While few of us get out of bed in the morning in the mood for a "learning experience", I hope that all of us
get up feeling in the mood for life. Children always do so - unless they are ill or life has been made overly
stressful or confusing for them. Sometimes the problem for the parent is that it can be difficult to determine
if anything important is actually going on. It is a little like watching a garden grow. No matter how closely
we examine the garden, it is difficult to verify that anything is happening at that particular moment. But as
the season progresses, we can see that much has happened, quietly and naturally. Children pursue life, and in
doing so, pursue knowledge. They need adults to trust in the inevitability of this very natural process, and
to offer what assistance they can.
Parents come to our unschooling discussions with many questions about fulfilling state requirements. They ask:
"How do unschoolers explain themselves to the state when they fill out the paperwork every year?", "If you don't
use a curriculum, what do you say?" and "What about required record-keeping?" To my knowledge, unschoolers have
had no problems with our state department of education over matters of this kind. This is a time when even many
public school educators are moving away from the traditional curriculum, and are seeking alternatives to
fragmented learning and drudgery.
When I fill out the paperwork required for home-schooling in our state, I briefly describe, in the space provided,
what we are currently doing, and the general intent of what we plan to do for the coming year. I don't include long
lists of books or describe any of the step-by-step skills associated with a curriculum. For example, under
English/Language Arts, I mentioned that our son's favorite "subject" is the English language. I said a few words
about our family library. I mentioned that our son reads a great deal and uses our computer for whatever writing
he happens to do. I concluded that, "Since he already does so well on his own, we have decided not to introduce
language skills as a subject to be studied. It seems to make more sense for us to leave him to his own continuing
success."
Home-schooling is a unique opportunity for each family to do whatever makes sense for the growth and development
of their children. If we have a reason for using a curriculum and traditional school materials, we are free to
use them. They are not a universally necessary or required component of our
home-schooling programs, either educational or legally.

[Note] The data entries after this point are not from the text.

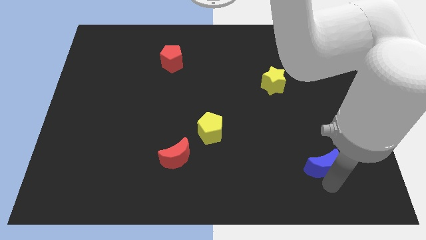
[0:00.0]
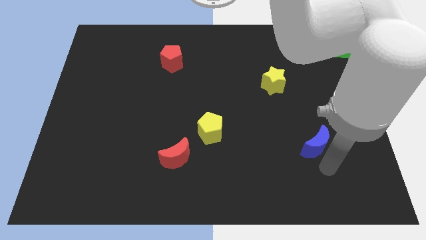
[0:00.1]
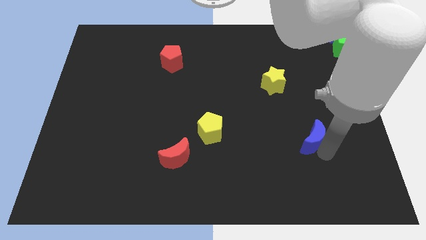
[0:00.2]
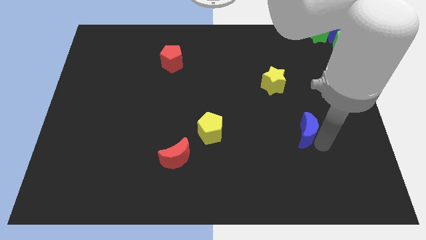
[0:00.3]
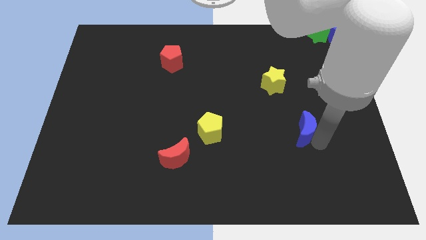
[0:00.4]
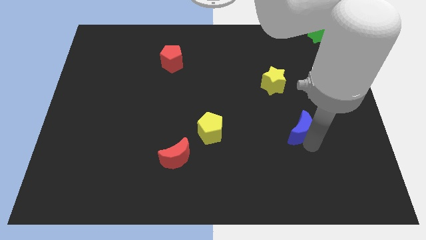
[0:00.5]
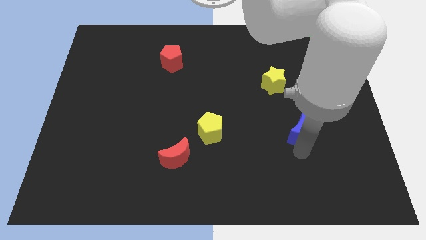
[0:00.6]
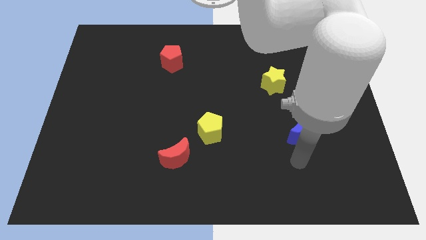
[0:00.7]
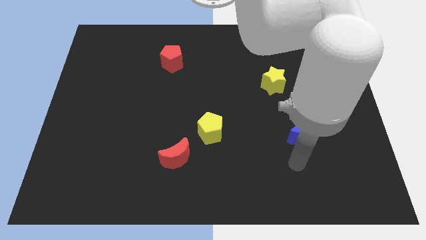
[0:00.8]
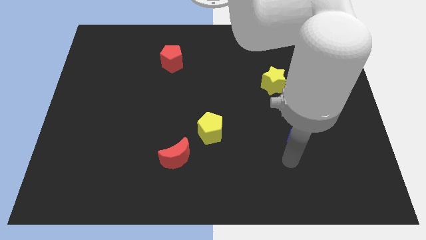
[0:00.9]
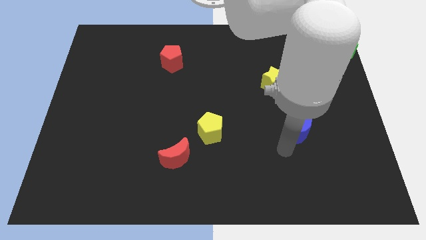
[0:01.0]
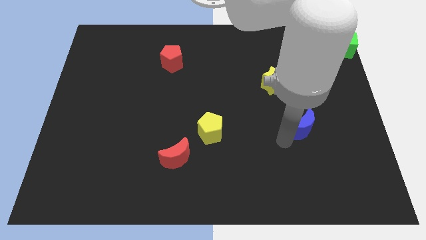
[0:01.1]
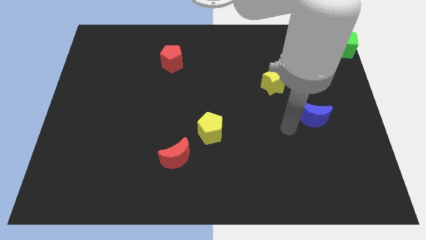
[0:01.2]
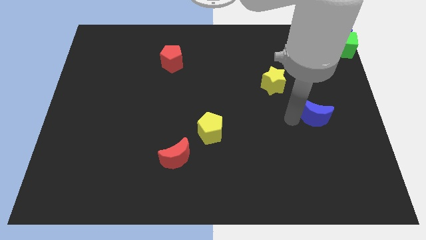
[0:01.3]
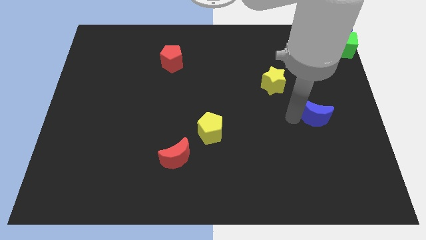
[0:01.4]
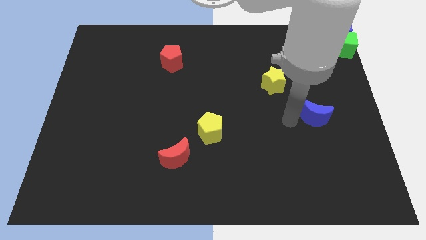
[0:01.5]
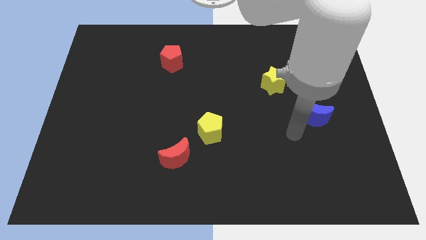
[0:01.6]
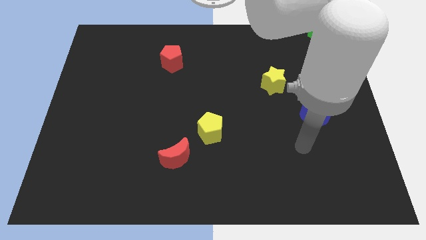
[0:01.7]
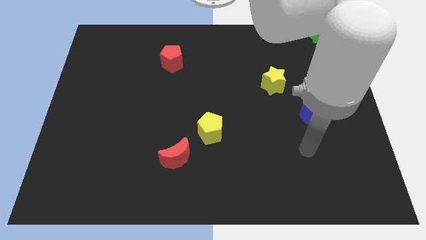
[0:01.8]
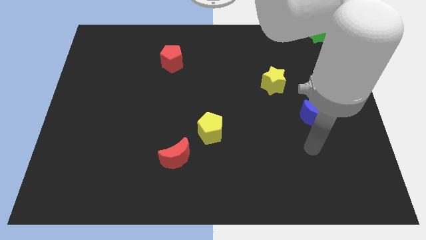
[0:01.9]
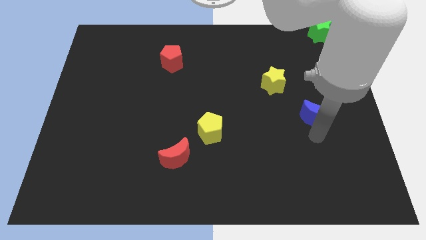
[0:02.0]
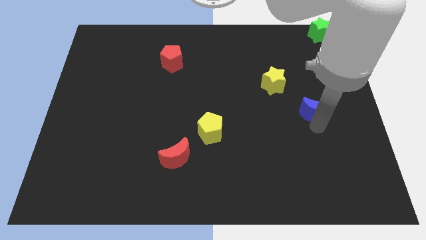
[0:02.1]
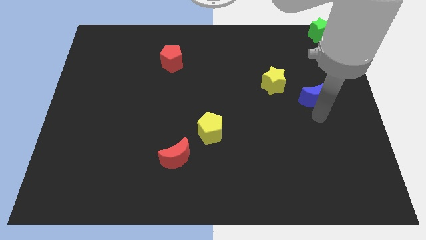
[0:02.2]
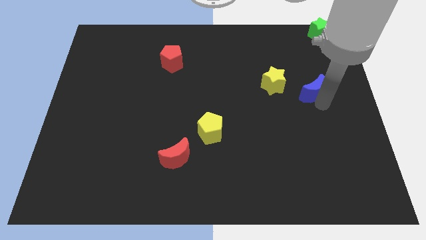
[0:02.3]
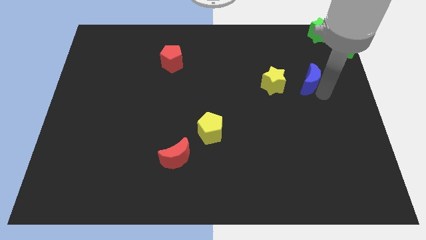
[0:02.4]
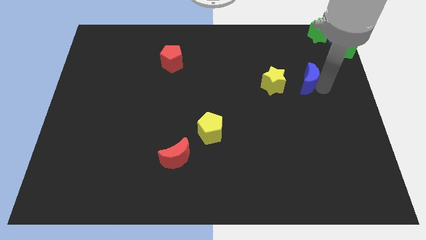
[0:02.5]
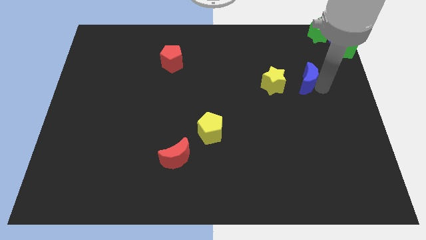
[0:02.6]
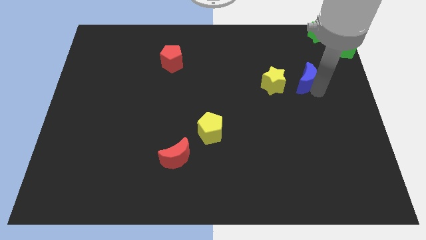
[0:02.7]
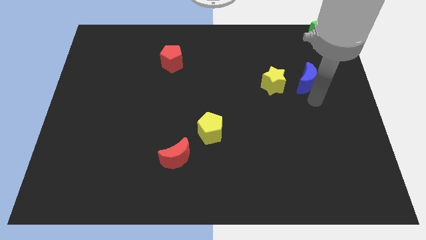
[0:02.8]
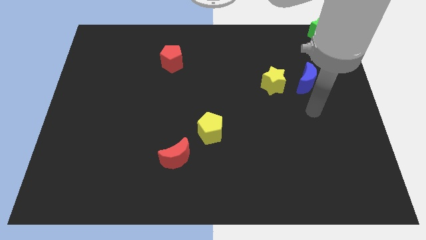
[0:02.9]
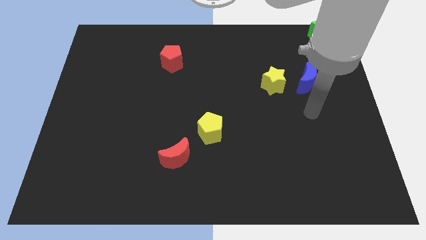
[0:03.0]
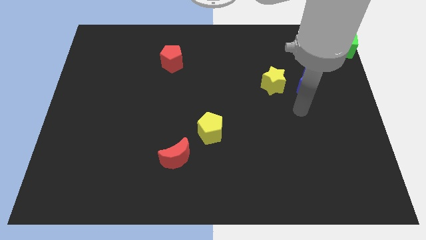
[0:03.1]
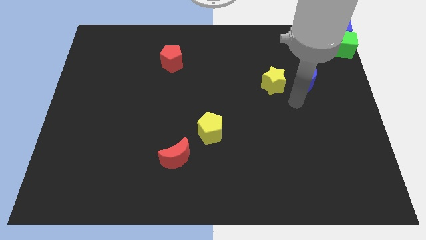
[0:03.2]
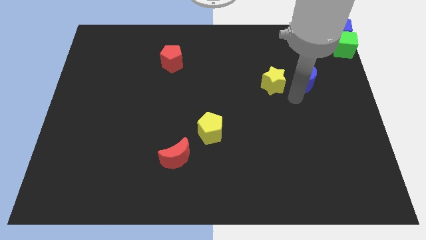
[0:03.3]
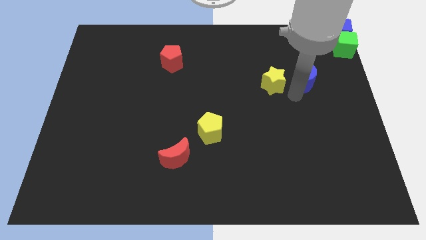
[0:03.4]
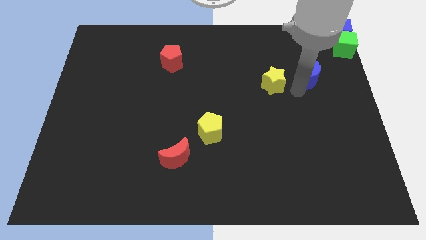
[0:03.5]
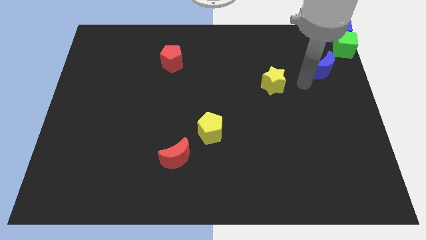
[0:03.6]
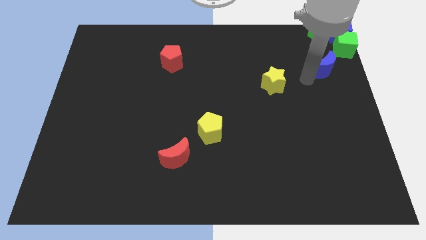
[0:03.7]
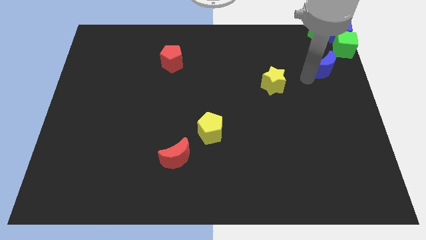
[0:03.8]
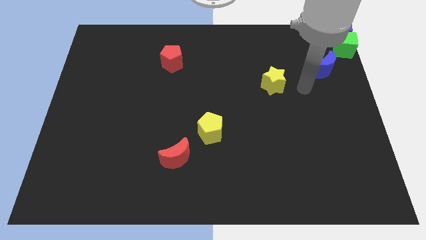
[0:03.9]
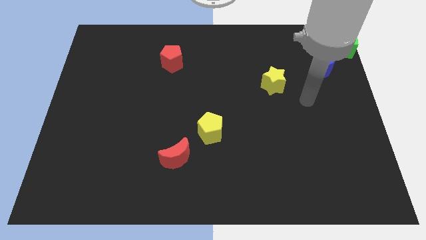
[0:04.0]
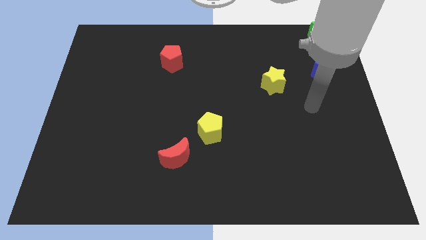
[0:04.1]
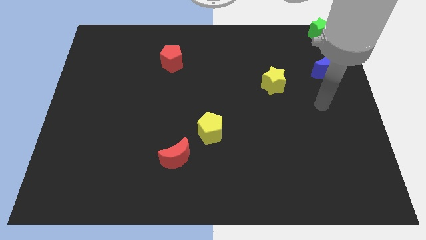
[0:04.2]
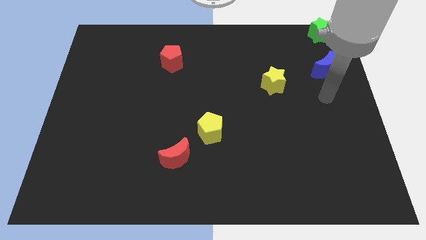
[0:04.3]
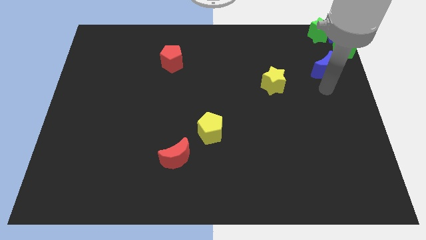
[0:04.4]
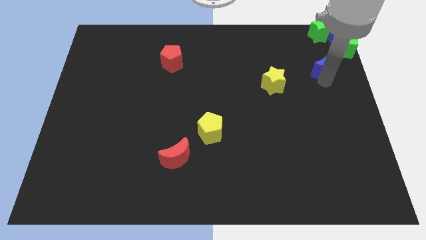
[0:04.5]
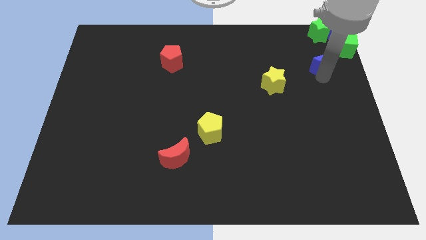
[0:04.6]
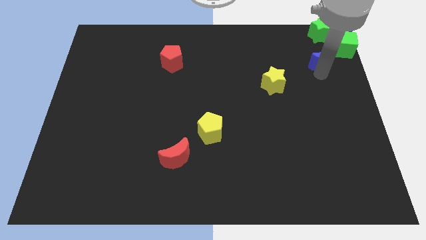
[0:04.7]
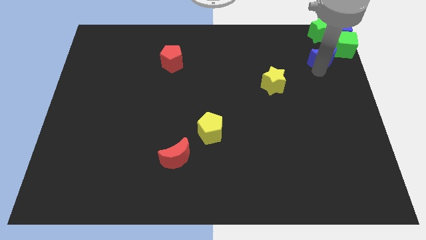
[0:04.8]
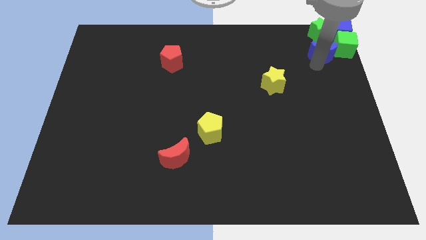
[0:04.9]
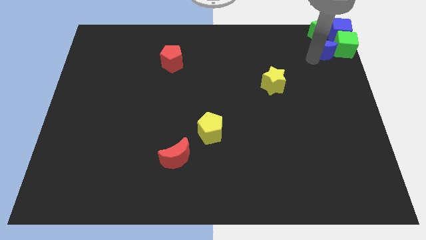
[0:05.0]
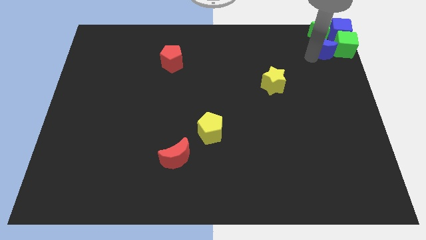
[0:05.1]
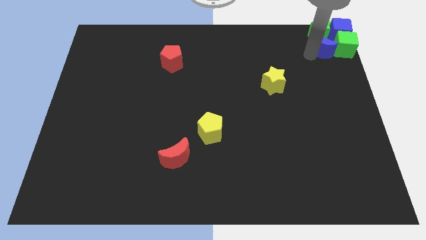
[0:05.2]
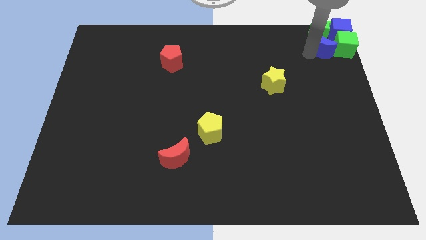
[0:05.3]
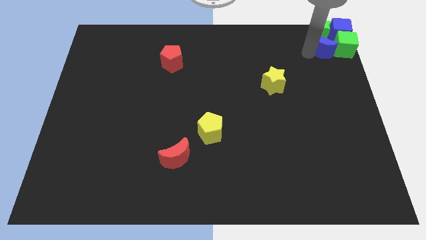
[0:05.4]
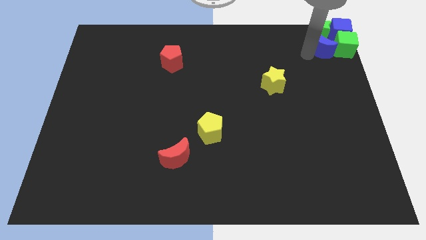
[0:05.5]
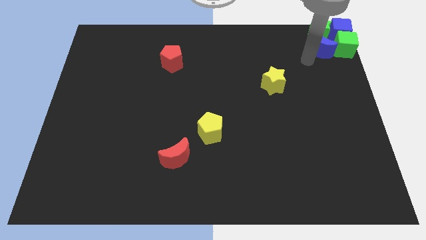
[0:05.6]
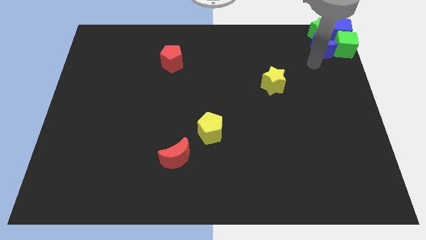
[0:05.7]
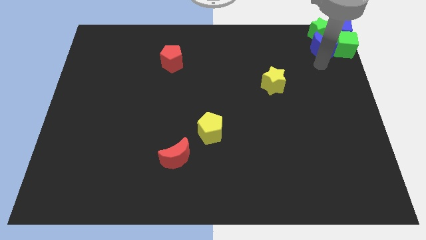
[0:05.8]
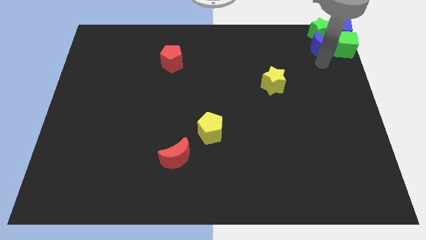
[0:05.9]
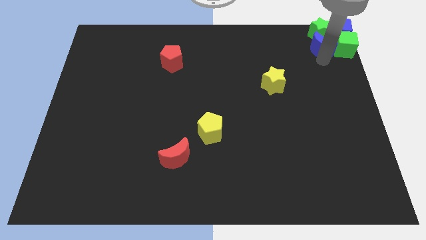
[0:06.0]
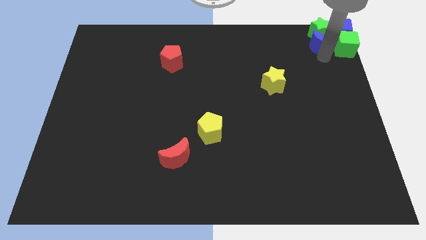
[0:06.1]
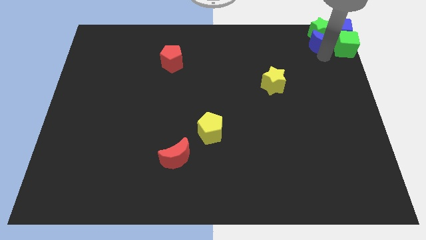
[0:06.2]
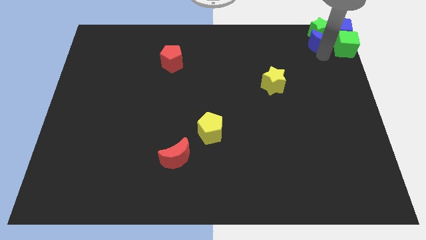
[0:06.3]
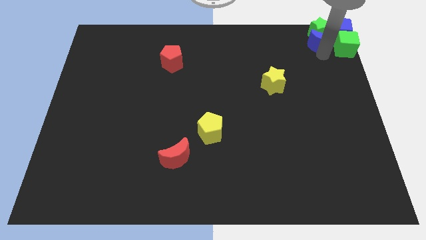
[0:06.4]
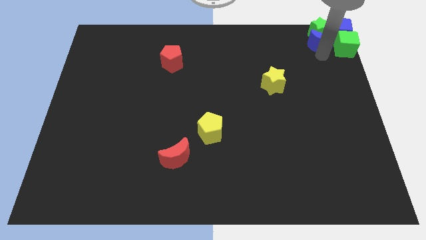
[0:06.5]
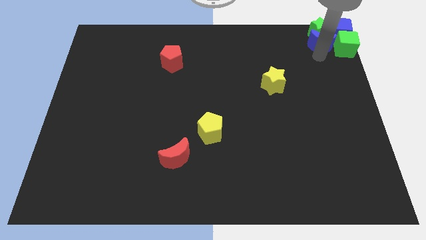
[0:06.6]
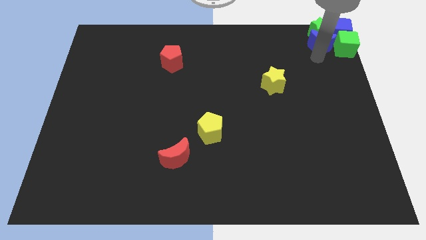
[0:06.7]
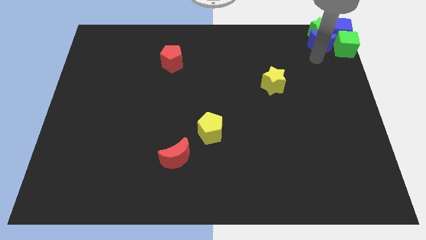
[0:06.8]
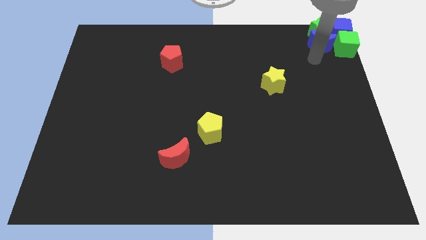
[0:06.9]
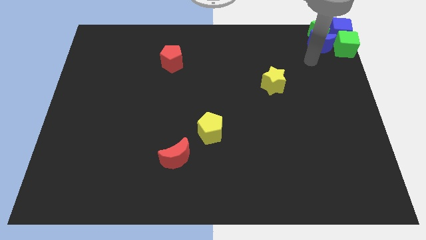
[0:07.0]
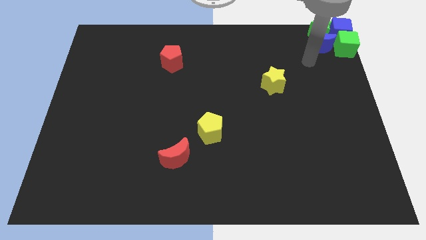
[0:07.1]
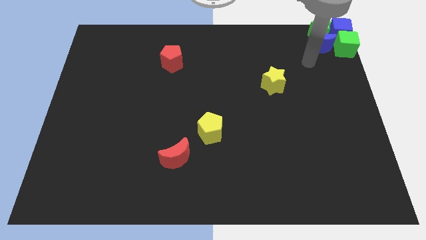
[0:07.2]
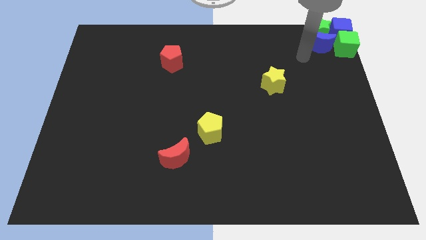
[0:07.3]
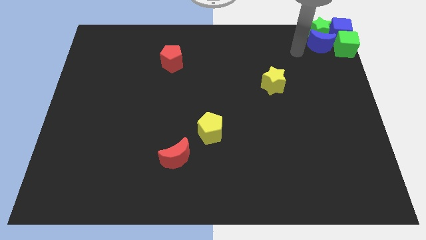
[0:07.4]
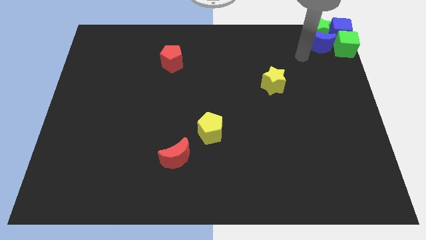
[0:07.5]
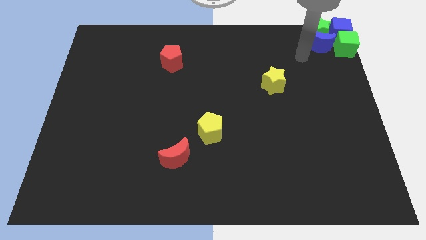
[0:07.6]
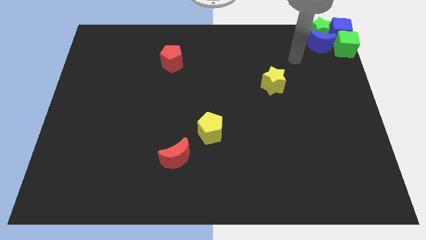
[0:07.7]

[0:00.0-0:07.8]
move blue crescent into green star

Allowing curriculums, textbooks, and tests to be the defining, driving force behind the education of a child is
a hindrance in the home as much as in the school - not only because it interferes with learning, but because it
interferes with trust. As I have mentioned, even educators are beginning to question the pre-planned, year-long
curriculum as an out-dated, 19th century educational system. There is no reason that families should be less
flexible and innovative than schools.
Anne Sullivan, Helen Keller's mentor and friend, said:
I am beginning to suspect all elaborate and special systems of education. They seem to me to be built upon the
supposition that every child is a kind of idiot who must be taught to think. Whereas if the child is left to
himself, he will think more and better, if less "showily". Let him come and go freely, let him touch real things
and combine his impressions for himself... Teaching fills the mind with artificial associations that must be
got rid of before the child can develop independent ideas out of actual experiences.
Home-schooling provides a unique opportunity to step away from systems and methods, and to develop independent
ideas out of actual experiences, where the child is truly in pursuit of knowledge, not the other way around.